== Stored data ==
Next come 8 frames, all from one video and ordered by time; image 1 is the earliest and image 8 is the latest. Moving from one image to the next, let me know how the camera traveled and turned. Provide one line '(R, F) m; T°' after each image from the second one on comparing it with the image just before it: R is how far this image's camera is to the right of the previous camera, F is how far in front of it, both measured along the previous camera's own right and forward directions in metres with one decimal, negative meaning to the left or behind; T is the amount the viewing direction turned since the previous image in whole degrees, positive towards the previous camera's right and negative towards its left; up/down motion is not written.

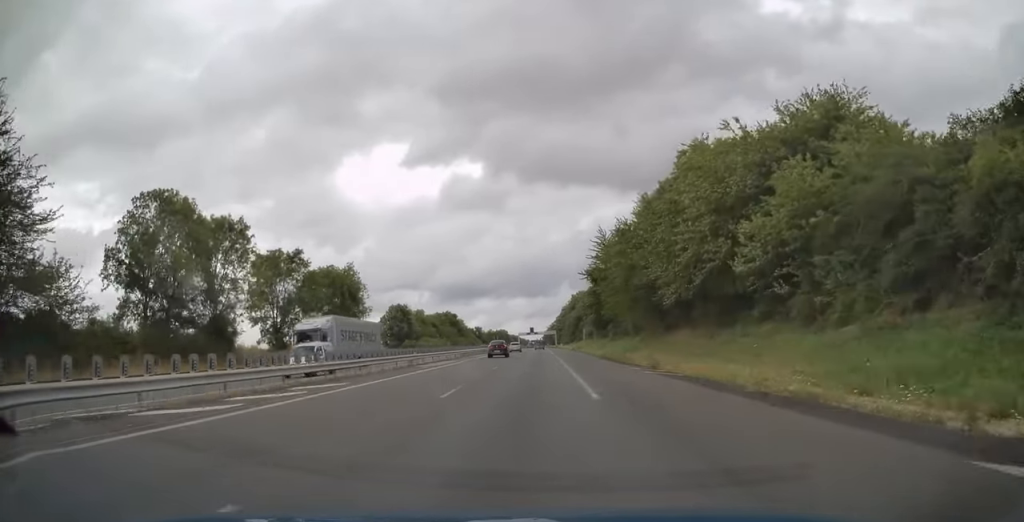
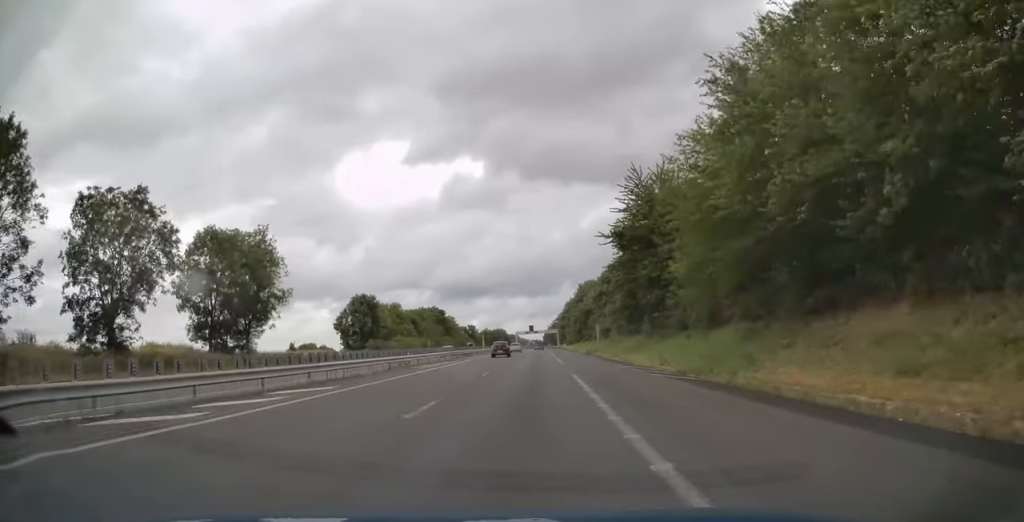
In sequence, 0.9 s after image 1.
(-0.2, +29.6) m; 0°
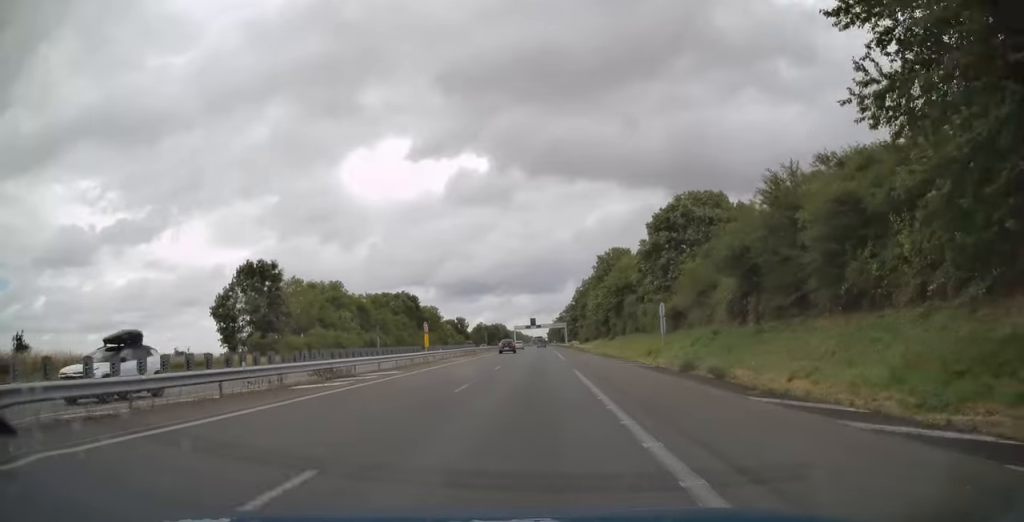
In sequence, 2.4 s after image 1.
(-0.1, +46.9) m; -1°
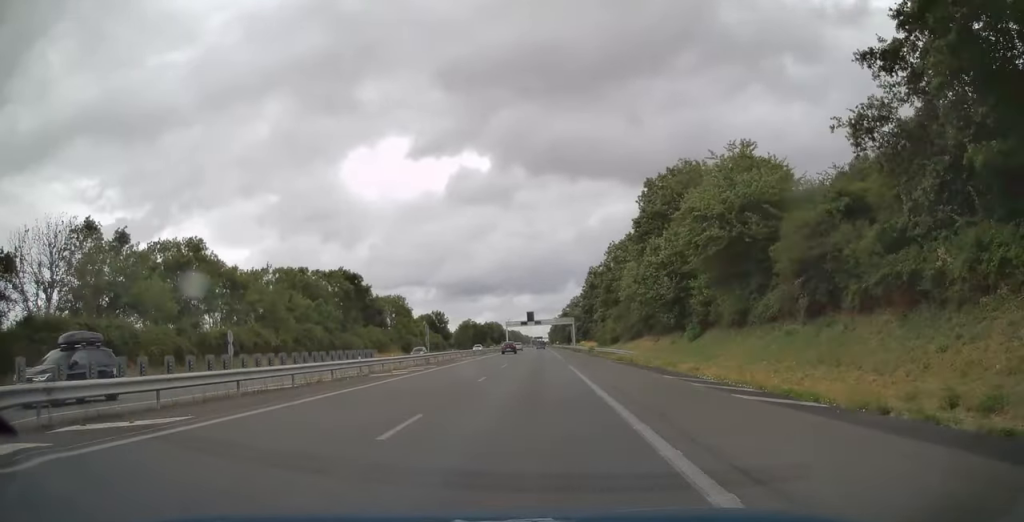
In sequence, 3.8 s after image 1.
(-0.2, +46.9) m; 0°
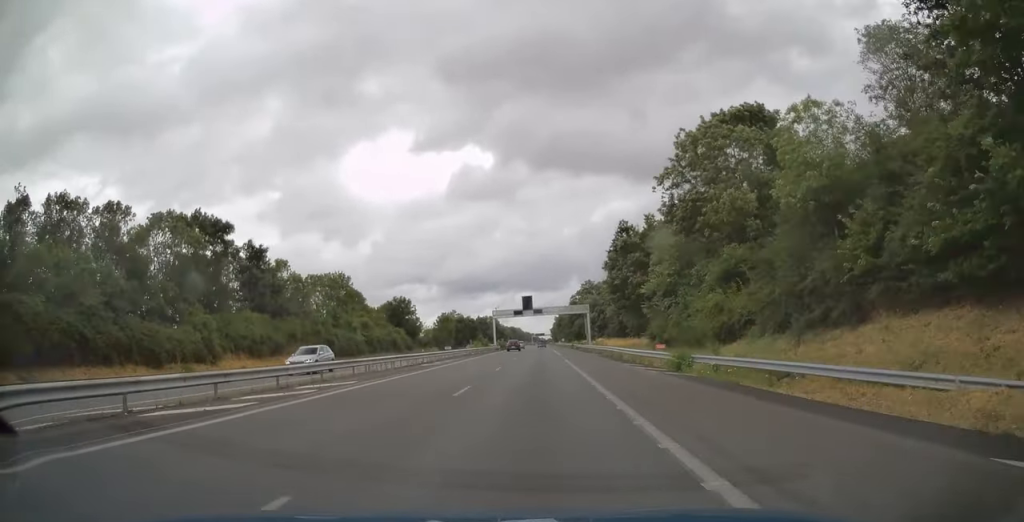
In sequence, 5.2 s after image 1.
(-0.1, +45.4) m; 0°
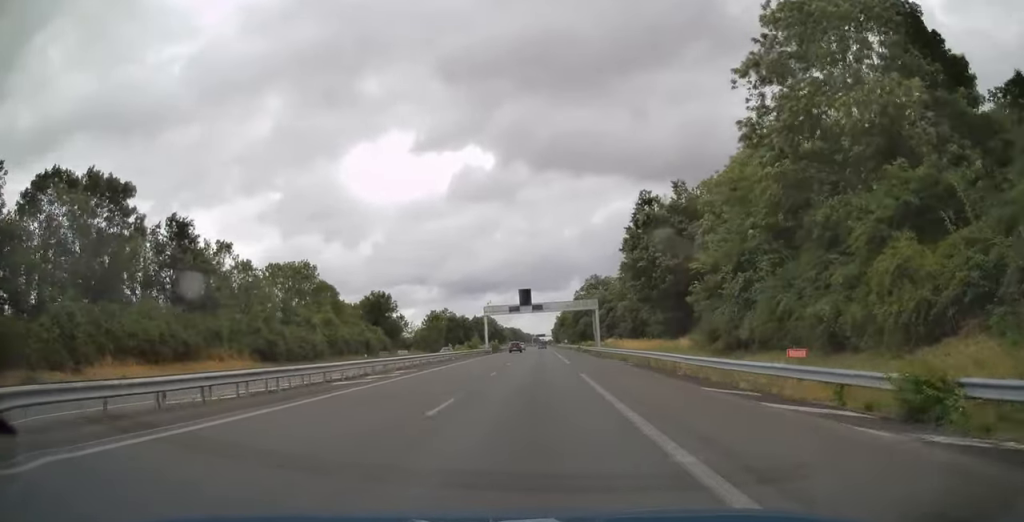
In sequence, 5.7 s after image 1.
(0.0, +16.7) m; 0°
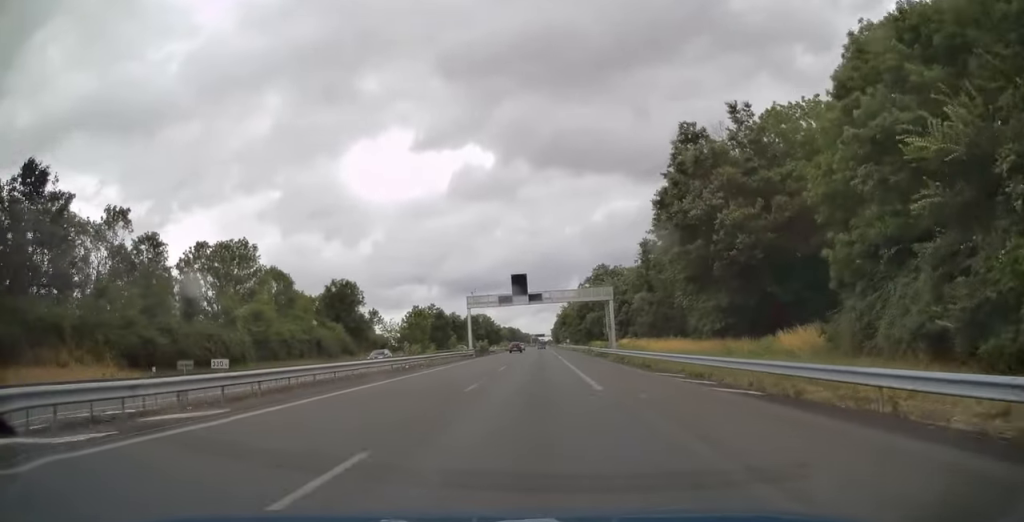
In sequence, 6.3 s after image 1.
(0.0, +20.0) m; 0°
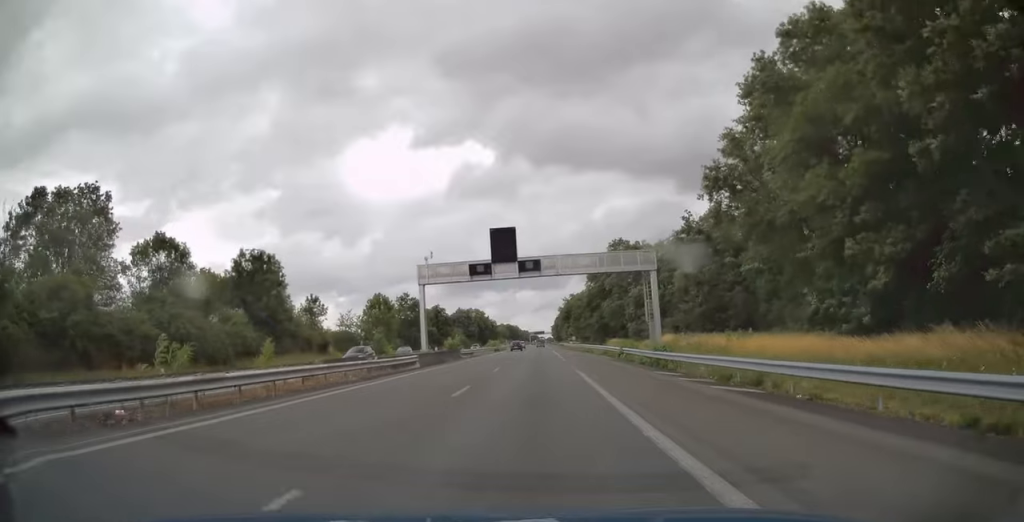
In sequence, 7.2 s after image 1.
(0.0, +28.1) m; 0°

== Directions for this task ==
Write the lines from the one with "In sequence, 2.4 s after image 1." through the last line of the entries out again exactly, both ends included, and skip the pictures.

== Expected answer ==
In sequence, 2.4 s after image 1.
(-0.1, +46.9) m; -1°
In sequence, 3.8 s after image 1.
(-0.2, +46.9) m; 0°
In sequence, 5.2 s after image 1.
(-0.1, +45.4) m; 0°
In sequence, 5.7 s after image 1.
(0.0, +16.7) m; 0°
In sequence, 6.3 s after image 1.
(0.0, +20.0) m; 0°
In sequence, 7.2 s after image 1.
(0.0, +28.1) m; 0°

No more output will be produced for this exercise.